Communications subsystem 1124 may support both wired and/or wireless communication protocols. For example, in certain aspects, communications subsystem 1124 may include radio frequency (RF) transceiver components for accessing wireless voice and/or data networks (e.g., using cellular telephone technology, advanced data network technology, such as 3G, 4G or EDGE (enhanced data rates for global evolution), Wi-Fi (IEEE 802.XX family standards, or other mobile communication technologies, or any combination thereof), global positioning system (GPS) receiver components, and/or other components. In some aspects communications subsystem 1124 can provide wired network connectivity (e.g., Ethernet) in addition to or instead of a wireless interface.

Communications subsystem 1124 can receive and transmit data in various forms. For example, in some aspects, in addition to other forms, communications subsystem 1124 may receive input communications in the form of structured and/or unstructured data feeds 1126, event streams 1128, event updates 1130, and the like. For example, communications subsystem 1124 may be configured to receive (or send) data feeds 1126 in real-time from users of social media networks and/or other communication services such as Twitter® feeds, Facebook® updates, web feeds such as Rich Site Summary (RSS) feeds, and/or real-time updates from one or more third party information sources.

In certain aspects, communications subsystem 1124 may be configured to receive data in the form of continuous data streams, which may include event streams 1128 of real-time events and/or event updates 1130, that may be continuous or unbounded in nature with no explicit end. Examples of applications that generate continuous data may include, for example, sensor data applications, financial tickers, network performance measuring tools (e.g., network monitoring and traffic management applications), clickstream analysis tools, automobile traffic monitoring, and the like.

Communications subsystem 1124 may also be configured to communicate data from computer system 1100 to other computer systems or networks. The data may be communicated in various different forms such as structured and/or unstructured data feeds 1126, event streams 1128, event updates 1130, and the like to one or more databases that may be in communication with one or more streaming data source computers coupled to computer system 1100.
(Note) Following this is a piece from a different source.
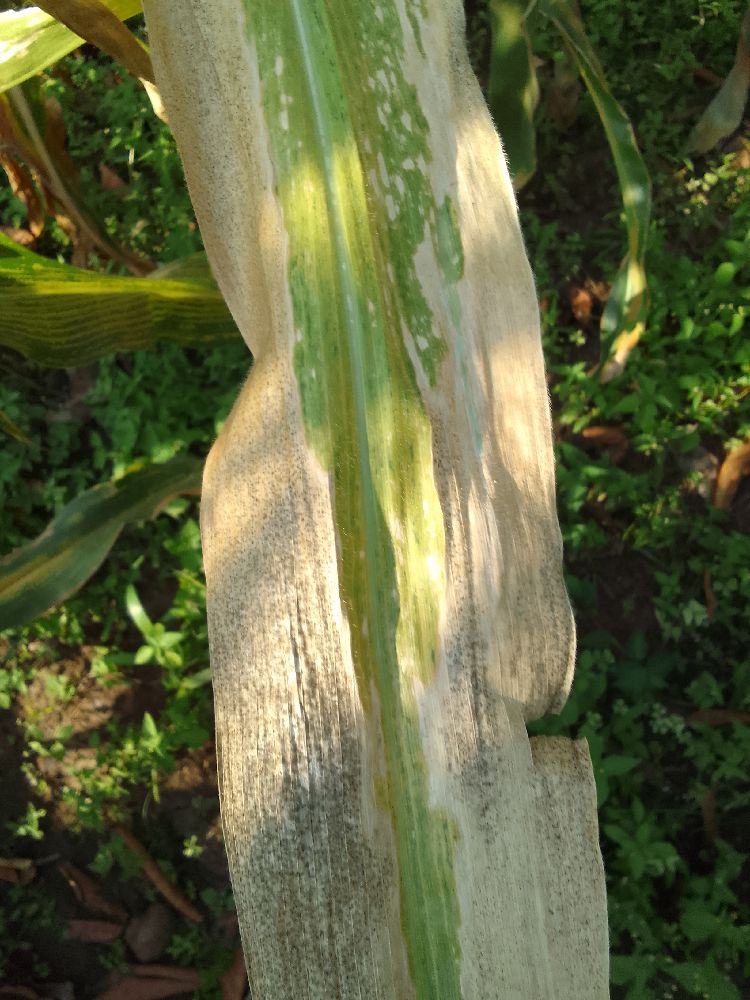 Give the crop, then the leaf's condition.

maize, maize lethal necrosis

Computer system 1100 can be one of various types, including a handheld portable device (e.g., an iPhone® cellular phone, an iPad® computing tablet, a personal digital assistant (PDA)), a wearable device (e.g., a Meta Quest® head mounted display), a personal computer, a workstation, a mainframe, a kiosk, a server rack, or any other data processing system. Due to the ever-changing nature of computers and networks, the description of computer system 1100 depicted in FIG. 11 is intended only as a specific example. Many other configurations having more or fewer components than the system depicted in FIG. 11 are possible. Based on the disclosure and teachings provided herein, a person of ordinary skill in the art can appreciate other ways and/or methods to implement the various aspects.

Although specific aspects have been described, various modifications, alterations, alternative constructions, and equivalents are possible. Embodiments are not restricted to operation within certain specific data processing environments, but are free to operate within a plurality of data processing environments. Additionally, although certain aspects have been described using a particular series of transactions and steps, it should be apparent to those skilled in the art that this is not intended to be limiting. Although some flowcharts describe operations as a sequential process, many of the operations can be performed in parallel or concurrently. In addition, the order of the operations may be rearranged. A process may have additional steps not included in the figure. Various features and aspects of the above-described aspects may be used individually or jointly.
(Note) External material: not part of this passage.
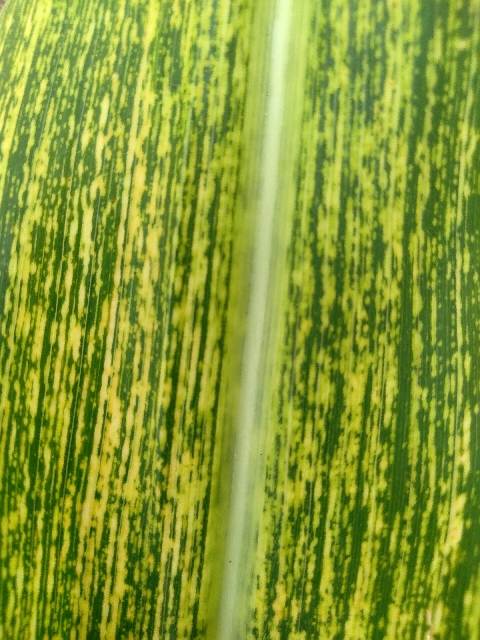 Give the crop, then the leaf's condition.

maize, maize streak virus

Further, while certain aspects have been described using a particular combination of hardware and software, it should be recognized that other combinations of hardware and software are also possible. Certain aspects may be implemented only in hardware, or only in software, or using combinations thereof. The various processes described herein can be implemented on the same processor or different processors in any combination.

Where devices, systems, components or modules are described as being configured to perform certain operations or functions, such configuration can be accomplished, for example, by designing electronic circuits to perform the operation, by programming programmable electronic circuits (such as microprocessors) to perform the operation such as by executing computer instructions or code, or processors or cores programmed to execute code or instructions stored on a non-transitory memory medium, or any combination thereof. Processes can communicate using a variety of techniques including but not limited to conventional techniques for inter-process communications, and different pairs of processes may use different techniques, or the same pair of processes may use different techniques at different times.
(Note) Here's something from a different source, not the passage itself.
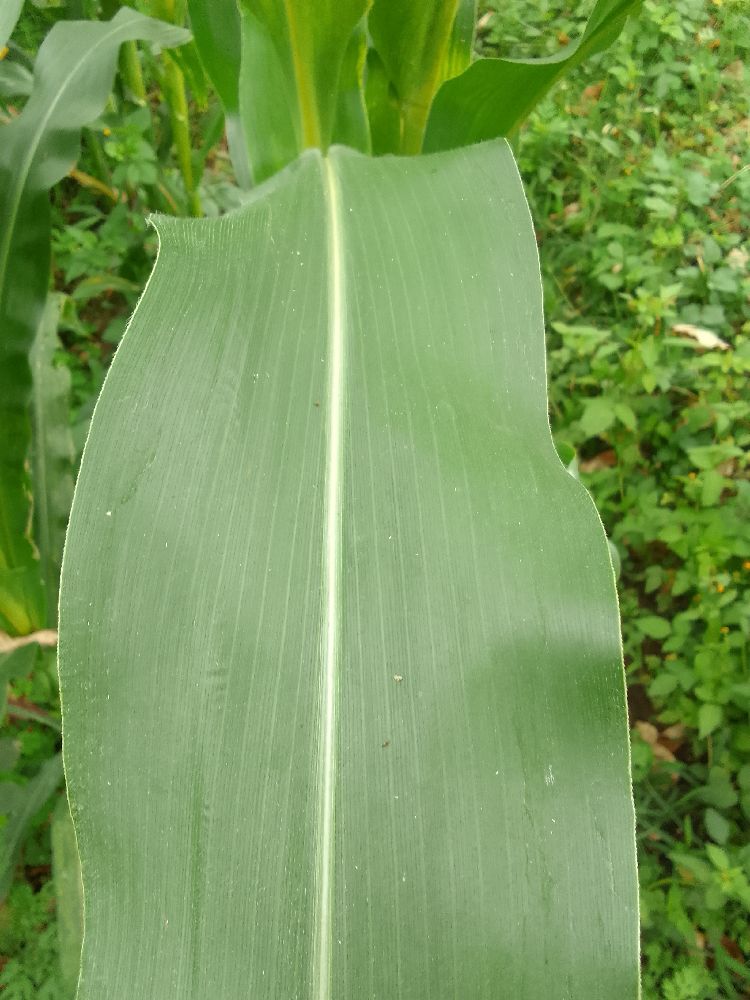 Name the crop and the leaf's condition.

maize, healthy

Specific details are given in this disclosure to provide a thorough understanding of the aspects. However, aspects may be practiced without these specific details. For example, well-known circuits, processes, algorithms, structures, and techniques have been shown without unnecessary detail in order to avoid obscuring the aspects. This description provides example aspects only, and is not intended to limit the scope, applicability, or configuration of other aspects. Rather, the preceding description of the aspects can provide those skilled in the art with an enabling description for implementing various aspects. Various changes may be made in the function and arrangement of elements.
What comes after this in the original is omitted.